> Records provided:
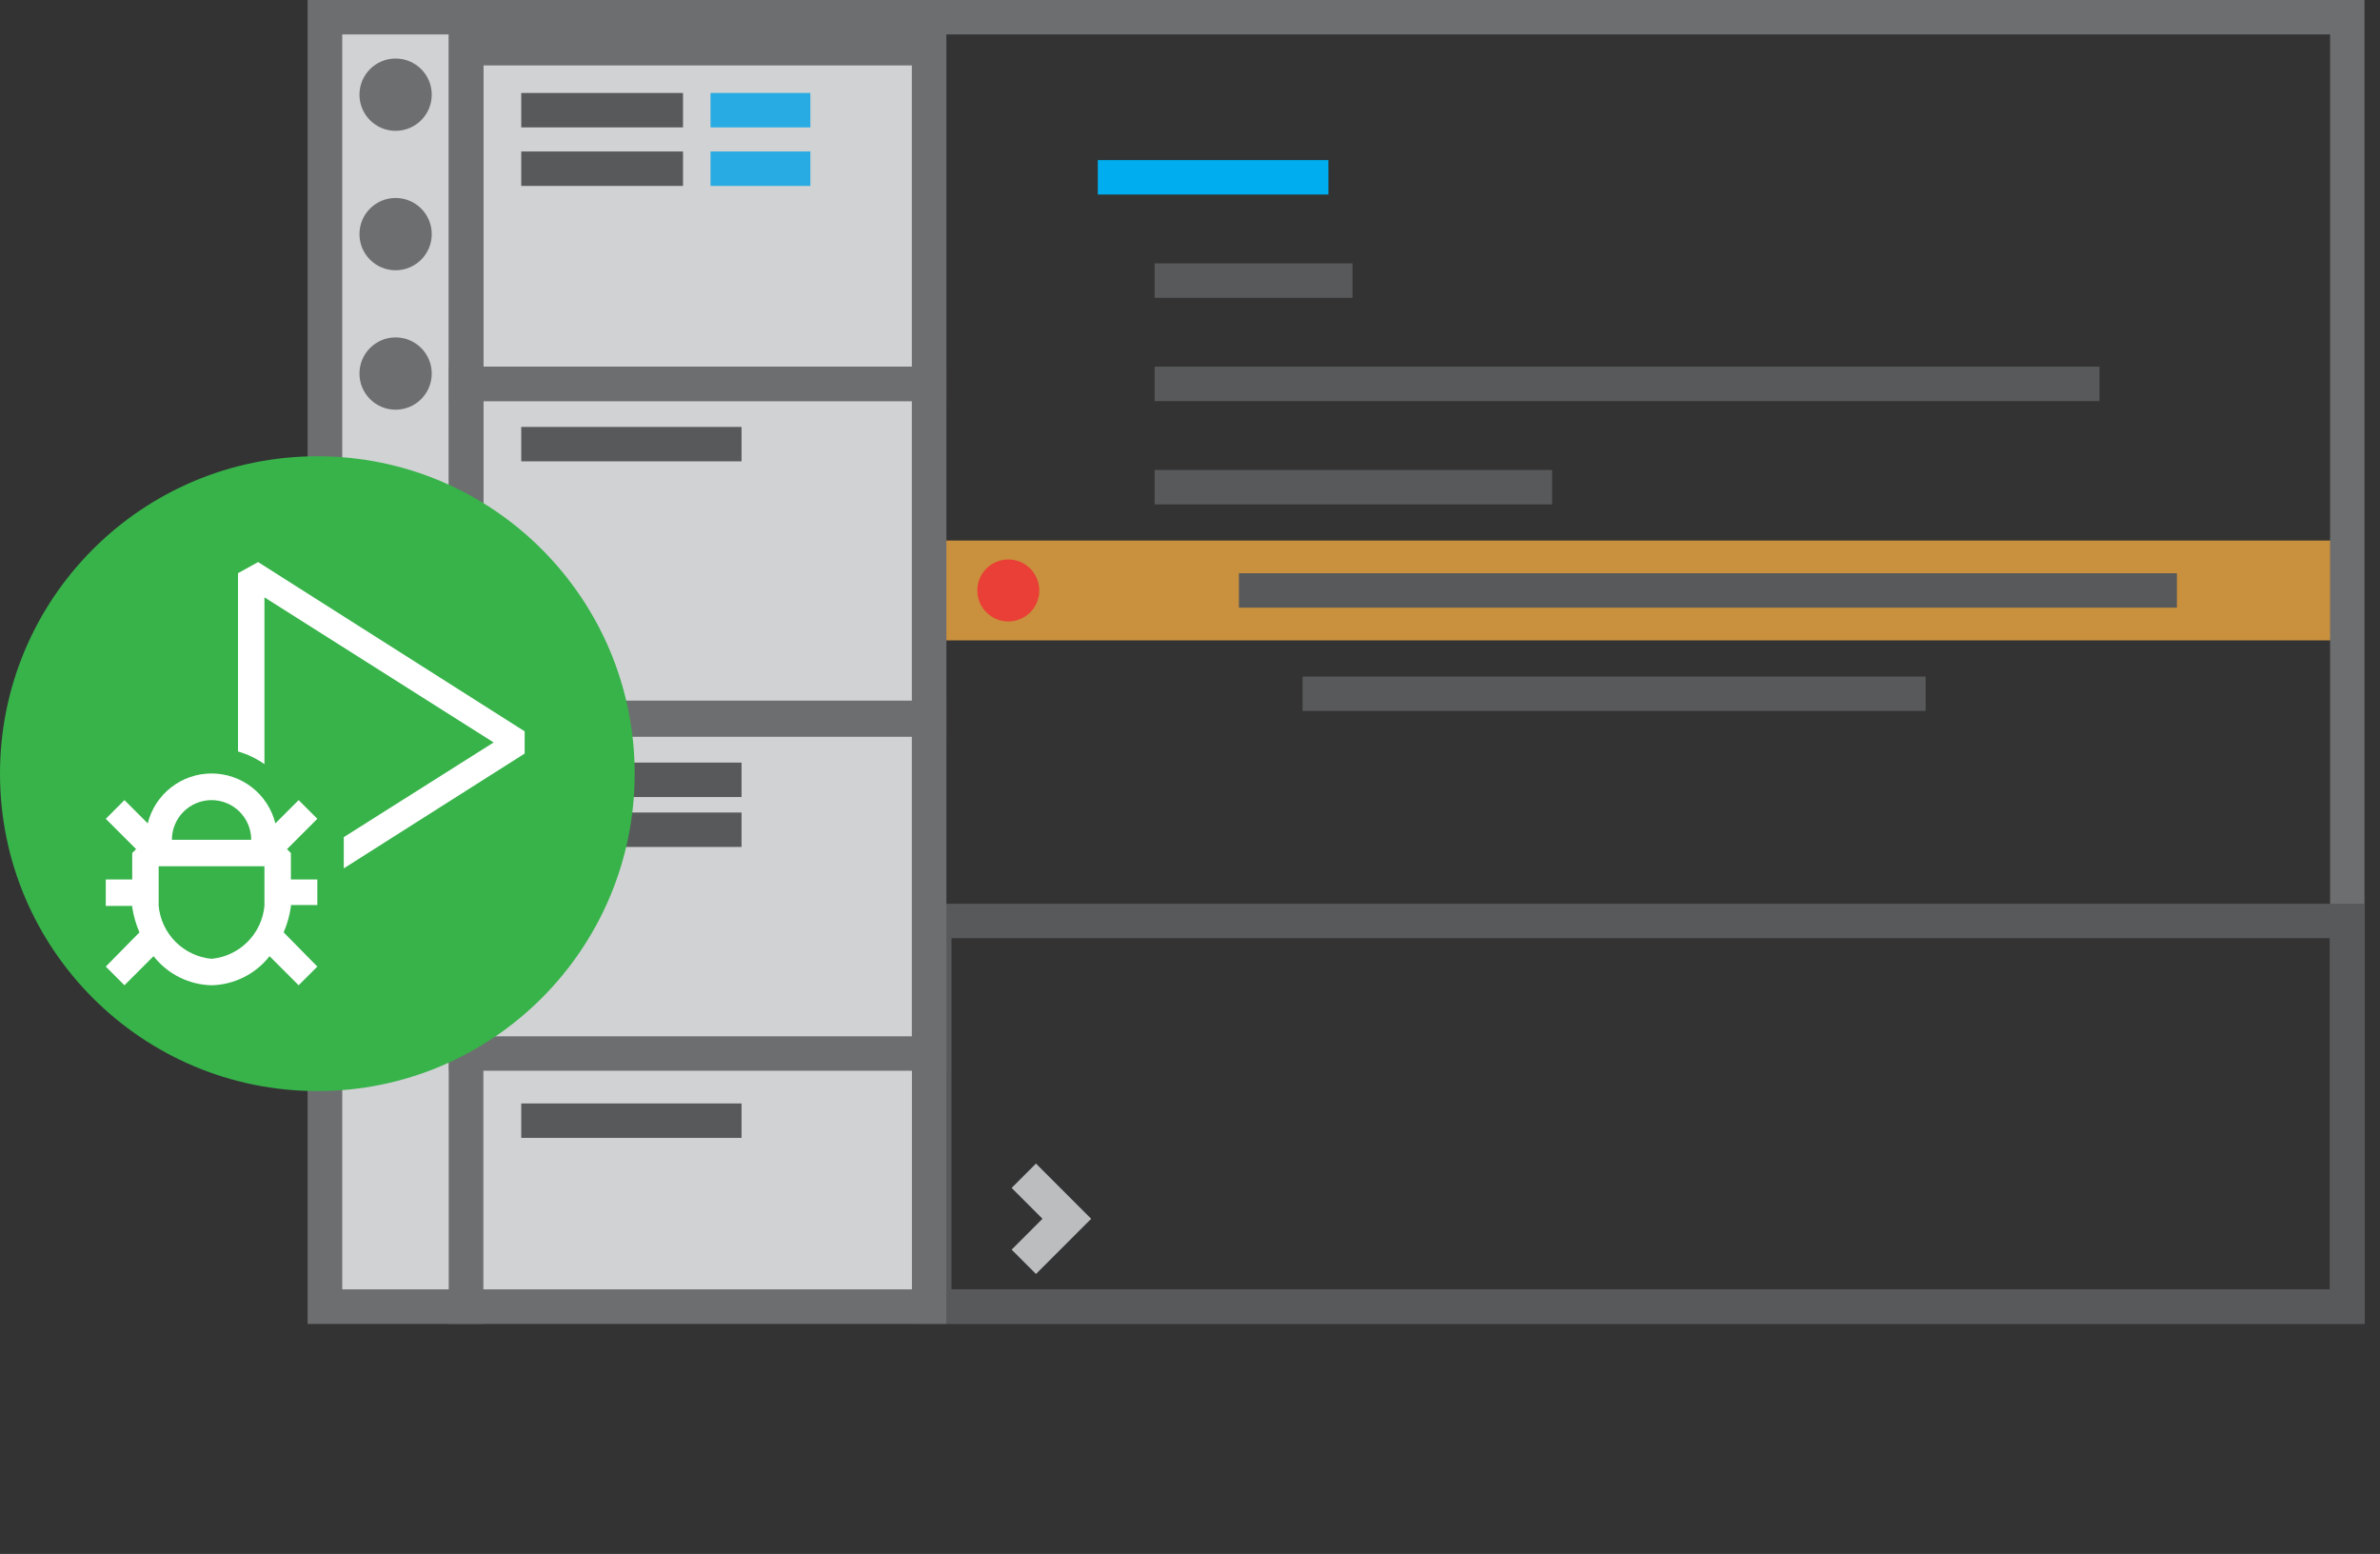 <svg width="360" height="235" viewBox="0 0 360 235" fill="none" xmlns="http://www.w3.org/2000/svg">
<rect x="0" y="0" width="360" height="235" fill="#333333" stroke="none"/>
<g clip-path="url(#clip0)">
<path opacity="0.75" d="M352.711 81.744H140.281V96.843H352.711V81.744Z" fill="#FAAF40"/>
<path d="M355.054 2.603H49.166V197.591H355.054V2.603Z" stroke="#6D6E70" stroke-width="5.207" stroke-miterlimit="10"/>
<path d="M70.513 2.603H49.166V197.591H70.513V2.603Z" fill="#D0D2D3" stroke="#6D6E70" stroke-width="5.207" stroke-miterlimit="10"/>
<path d="M59.839 19.785C62.858 19.785 65.306 17.337 65.306 14.318C65.306 11.299 62.858 8.851 59.839 8.851C56.82 8.851 54.372 11.299 54.372 14.318C54.372 17.337 56.82 19.785 59.839 19.785Z" fill="#6D6E70"/>
<path d="M59.839 40.872C62.858 40.872 65.306 38.424 65.306 35.405C65.306 32.386 62.858 29.938 59.839 29.938C56.82 29.938 54.372 32.386 54.372 35.405C54.372 38.424 56.82 40.872 59.839 40.872Z" fill="#6D6E70"/>
<path d="M59.839 61.959C62.858 61.959 65.306 59.511 65.306 56.492C65.306 53.472 62.858 51.025 59.839 51.025C56.82 51.025 54.372 53.472 54.372 56.492C54.372 59.511 56.82 61.959 59.839 61.959Z" fill="#6D6E70"/>
<path d="M59.839 83.306C62.858 83.306 65.306 80.858 65.306 77.839C65.306 74.82 62.858 72.372 59.839 72.372C56.82 72.372 54.372 74.82 54.372 77.839C54.372 80.858 56.82 83.306 59.839 83.306Z" fill="#6D6E70"/>
<path d="M166.054 26.814H200.938" stroke="#00ADEE" stroke-width="5.207" stroke-miterlimit="10"/>
<path d="M174.645 42.434H204.583" stroke="#58595B" stroke-width="5.207" stroke-miterlimit="10"/>
<path d="M174.645 58.054H317.566" stroke="#58595B" stroke-width="5.207" stroke-miterlimit="10"/>
<path d="M187.401 89.293H329.281" stroke="#58595B" stroke-width="5.207" stroke-miterlimit="10"/>
<path d="M197.033 104.913H291.272" stroke="#58595B" stroke-width="5.207" stroke-miterlimit="10"/>
<path d="M174.645 73.674H234.781" stroke="#58595B" stroke-width="5.207" stroke-miterlimit="10"/>
<path d="M355.054 139.277H141.322V197.591H355.054V139.277Z" stroke="#58595B" stroke-width="5.207" stroke-miterlimit="10"/>
<path d="M140.541 2.603H70.513V197.591H140.541V2.603Z" fill="#D0D2D3" stroke="#6D6E70" stroke-width="5.207" stroke-miterlimit="10"/>
<path d="M140.541 7.289H70.513V58.054H140.541V7.289Z" stroke="#6D6E70" stroke-width="5.207" stroke-miterlimit="10"/>
<path d="M140.541 58.054H70.513V108.818H140.541V58.054Z" stroke="#6D6E70" stroke-width="5.207" stroke-miterlimit="10"/>
<path d="M140.541 108.558H70.513V159.322H140.541V108.558Z" stroke="#6D6E70" stroke-width="5.207" stroke-miterlimit="10"/>
<path d="M154.86 177.806L161.368 184.314L154.86 190.822" stroke="#BBBDBF" stroke-width="5.207" stroke-miterlimit="10"/>
<path d="M78.843 16.661H103.314" stroke="#58595B" stroke-width="5.207" stroke-miterlimit="10"/>
<path d="M107.479 16.661H122.578" stroke="#28ABE2" stroke-width="5.207" stroke-miterlimit="10"/>
<path d="M107.479 25.512H122.578" stroke="#28ABE2" stroke-width="5.207" stroke-miterlimit="10"/>
<path d="M78.843 25.512H103.314" stroke="#58595B" stroke-width="5.207" stroke-miterlimit="10"/>
<path d="M78.843 67.165H112.165" stroke="#58595B" stroke-width="5.207" stroke-miterlimit="10"/>
<path d="M78.843 117.93H112.165" stroke="#58595B" stroke-width="5.207" stroke-miterlimit="10"/>
<path d="M78.843 125.479H112.165" stroke="#58595B" stroke-width="5.207" stroke-miterlimit="10"/>
<path d="M78.843 169.475H112.165" stroke="#58595B" stroke-width="5.207" stroke-miterlimit="10"/>
<path opacity="0.75" d="M152.517 93.979C155.105 93.979 157.202 91.881 157.202 89.293C157.202 86.705 155.105 84.607 152.517 84.607C149.929 84.607 147.831 86.705 147.831 89.293C147.831 91.881 149.929 93.979 152.517 93.979Z" fill="#F42534"/>
</g>
<path d="M0 117C0 143.51 21.49 165 48 165C74.51 165 96 143.51 96 117C96 90.49 74.51 69 48 69C21.49 69 0 90.49 0 117Z" fill="#37B34A"/>
<path d="M45.173 121L41.653 124.52C41.118 122.365 39.877 120.45 38.127 119.082C36.378 117.714 34.221 116.971 32 116.971C29.779 116.971 27.622 117.714 25.873 119.082C24.123 120.45 22.882 122.365 22.347 124.52L18.827 121L16 123.827L20.587 128.413L20 129V133H16V137H20V137.213C20.204 138.516 20.571 139.789 21.093 141L16 146.173L18.827 149L23.227 144.6C24.273 145.936 25.603 147.023 27.12 147.784C28.637 148.544 30.303 148.96 32 149C33.697 148.96 35.363 148.544 36.88 147.784C38.397 147.023 39.727 145.936 40.773 144.6L45.173 149L48 146.173L42.907 141C43.435 139.763 43.803 138.464 44 137.133V136.867H48V133H44V129L43.413 128.413L48 123.827L45.173 121ZM32 121C33.591 121 35.117 121.632 36.243 122.757C37.368 123.883 38 125.409 38 127H26C26 125.409 26.632 123.883 27.757 122.757C28.883 121.632 30.409 121 32 121V121ZM40 137C39.805 139.056 38.899 140.979 37.439 142.439C35.979 143.899 34.056 144.805 32 145C29.944 144.805 28.021 143.899 26.561 142.439C25.101 140.979 24.195 139.056 24 137V131H40V137ZM79.36 110.6V113.96L52 131.32V126.6L74.667 112.28L40 90.333V115.56C38.782 114.704 37.43 114.055 36 113.64V86.68L39.04 85L79.36 110.6Z" fill="white"/>
<defs>
<clipPath id="clip0">
<path d="M45 0H360V200.455H45V0Z" fill="white"/>
</clipPath>
</defs>
</svg>

> Task description:
Could you write out every line above exactly as it stands, with no images?

> Reply:
 <svg width="360" height="235" viewBox="0 0 360 235" fill="none" xmlns="http://www.w3.org/2000/svg">
<rect x="0" y="0" width="360" height="235" fill="#333333" stroke="none"/>
<g clip-path="url(#clip0)">
<path opacity="0.75" d="M352.711 81.744H140.281V96.843H352.711V81.744Z" fill="#FAAF40"/>
<path d="M355.054 2.603H49.166V197.591H355.054V2.603Z" stroke="#6D6E70" stroke-width="5.207" stroke-miterlimit="10"/>
<path d="M70.513 2.603H49.166V197.591H70.513V2.603Z" fill="#D0D2D3" stroke="#6D6E70" stroke-width="5.207" stroke-miterlimit="10"/>
<path d="M59.839 19.785C62.858 19.785 65.306 17.337 65.306 14.318C65.306 11.299 62.858 8.851 59.839 8.851C56.82 8.851 54.372 11.299 54.372 14.318C54.372 17.337 56.82 19.785 59.839 19.785Z" fill="#6D6E70"/>
<path d="M59.839 40.872C62.858 40.872 65.306 38.424 65.306 35.405C65.306 32.386 62.858 29.938 59.839 29.938C56.82 29.938 54.372 32.386 54.372 35.405C54.372 38.424 56.82 40.872 59.839 40.872Z" fill="#6D6E70"/>
<path d="M59.839 61.959C62.858 61.959 65.306 59.511 65.306 56.492C65.306 53.472 62.858 51.025 59.839 51.025C56.82 51.025 54.372 53.472 54.372 56.492C54.372 59.511 56.82 61.959 59.839 61.959Z" fill="#6D6E70"/>
<path d="M59.839 83.306C62.858 83.306 65.306 80.858 65.306 77.839C65.306 74.82 62.858 72.372 59.839 72.372C56.82 72.372 54.372 74.82 54.372 77.839C54.372 80.858 56.82 83.306 59.839 83.306Z" fill="#6D6E70"/>
<path d="M166.054 26.814H200.938" stroke="#00ADEE" stroke-width="5.207" stroke-miterlimit="10"/>
<path d="M174.645 42.434H204.583" stroke="#58595B" stroke-width="5.207" stroke-miterlimit="10"/>
<path d="M174.645 58.054H317.566" stroke="#58595B" stroke-width="5.207" stroke-miterlimit="10"/>
<path d="M187.401 89.293H329.281" stroke="#58595B" stroke-width="5.207" stroke-miterlimit="10"/>
<path d="M197.033 104.913H291.272" stroke="#58595B" stroke-width="5.207" stroke-miterlimit="10"/>
<path d="M174.645 73.674H234.781" stroke="#58595B" stroke-width="5.207" stroke-miterlimit="10"/>
<path d="M355.054 139.277H141.322V197.591H355.054V139.277Z" stroke="#58595B" stroke-width="5.207" stroke-miterlimit="10"/>
<path d="M140.541 2.603H70.513V197.591H140.541V2.603Z" fill="#D0D2D3" stroke="#6D6E70" stroke-width="5.207" stroke-miterlimit="10"/>
<path d="M140.541 7.289H70.513V58.054H140.541V7.289Z" stroke="#6D6E70" stroke-width="5.207" stroke-miterlimit="10"/>
<path d="M140.541 58.054H70.513V108.818H140.541V58.054Z" stroke="#6D6E70" stroke-width="5.207" stroke-miterlimit="10"/>
<path d="M140.541 108.558H70.513V159.322H140.541V108.558Z" stroke="#6D6E70" stroke-width="5.207" stroke-miterlimit="10"/>
<path d="M154.86 177.806L161.368 184.314L154.86 190.822" stroke="#BBBDBF" stroke-width="5.207" stroke-miterlimit="10"/>
<path d="M78.843 16.661H103.314" stroke="#58595B" stroke-width="5.207" stroke-miterlimit="10"/>
<path d="M107.479 16.661H122.578" stroke="#28ABE2" stroke-width="5.207" stroke-miterlimit="10"/>
<path d="M107.479 25.512H122.578" stroke="#28ABE2" stroke-width="5.207" stroke-miterlimit="10"/>
<path d="M78.843 25.512H103.314" stroke="#58595B" stroke-width="5.207" stroke-miterlimit="10"/>
<path d="M78.843 67.165H112.165" stroke="#58595B" stroke-width="5.207" stroke-miterlimit="10"/>
<path d="M78.843 117.93H112.165" stroke="#58595B" stroke-width="5.207" stroke-miterlimit="10"/>
<path d="M78.843 125.479H112.165" stroke="#58595B" stroke-width="5.207" stroke-miterlimit="10"/>
<path d="M78.843 169.475H112.165" stroke="#58595B" stroke-width="5.207" stroke-miterlimit="10"/>
<path opacity="0.75" d="M152.517 93.979C155.105 93.979 157.202 91.881 157.202 89.293C157.202 86.705 155.105 84.607 152.517 84.607C149.929 84.607 147.831 86.705 147.831 89.293C147.831 91.881 149.929 93.979 152.517 93.979Z" fill="#F42534"/>
</g>
<path d="M0 117C0 143.51 21.49 165 48 165C74.51 165 96 143.51 96 117C96 90.49 74.51 69 48 69C21.49 69 0 90.49 0 117Z" fill="#37B34A"/>
<path d="M45.173 121L41.653 124.52C41.118 122.365 39.877 120.45 38.127 119.082C36.378 117.714 34.221 116.971 32 116.971C29.779 116.971 27.622 117.714 25.873 119.082C24.123 120.45 22.882 122.365 22.347 124.52L18.827 121L16 123.827L20.587 128.413L20 129V133H16V137H20V137.213C20.204 138.516 20.571 139.789 21.093 141L16 146.173L18.827 149L23.227 144.6C24.273 145.936 25.603 147.023 27.12 147.784C28.637 148.544 30.303 148.96 32 149C33.697 148.96 35.363 148.544 36.88 147.784C38.397 147.023 39.727 145.936 40.773 144.6L45.173 149L48 146.173L42.907 141C43.435 139.763 43.803 138.464 44 137.133V136.867H48V133H44V129L43.413 128.413L48 123.827L45.173 121ZM32 121C33.591 121 35.117 121.632 36.243 122.757C37.368 123.883 38 125.409 38 127H26C26 125.409 26.632 123.883 27.757 122.757C28.883 121.632 30.409 121 32 121V121ZM40 137C39.805 139.056 38.899 140.979 37.439 142.439C35.979 143.899 34.056 144.805 32 145C29.944 144.805 28.021 143.899 26.561 142.439C25.101 140.979 24.195 139.056 24 137V131H40V137ZM79.36 110.6V113.96L52 131.32V126.6L74.667 112.28L40 90.333V115.56C38.782 114.704 37.43 114.055 36 113.64V86.68L39.04 85L79.36 110.6Z" fill="white"/>
<defs>
<clipPath id="clip0">
<path d="M45 0H360V200.455H45V0Z" fill="white"/>
</clipPath>
</defs>
</svg>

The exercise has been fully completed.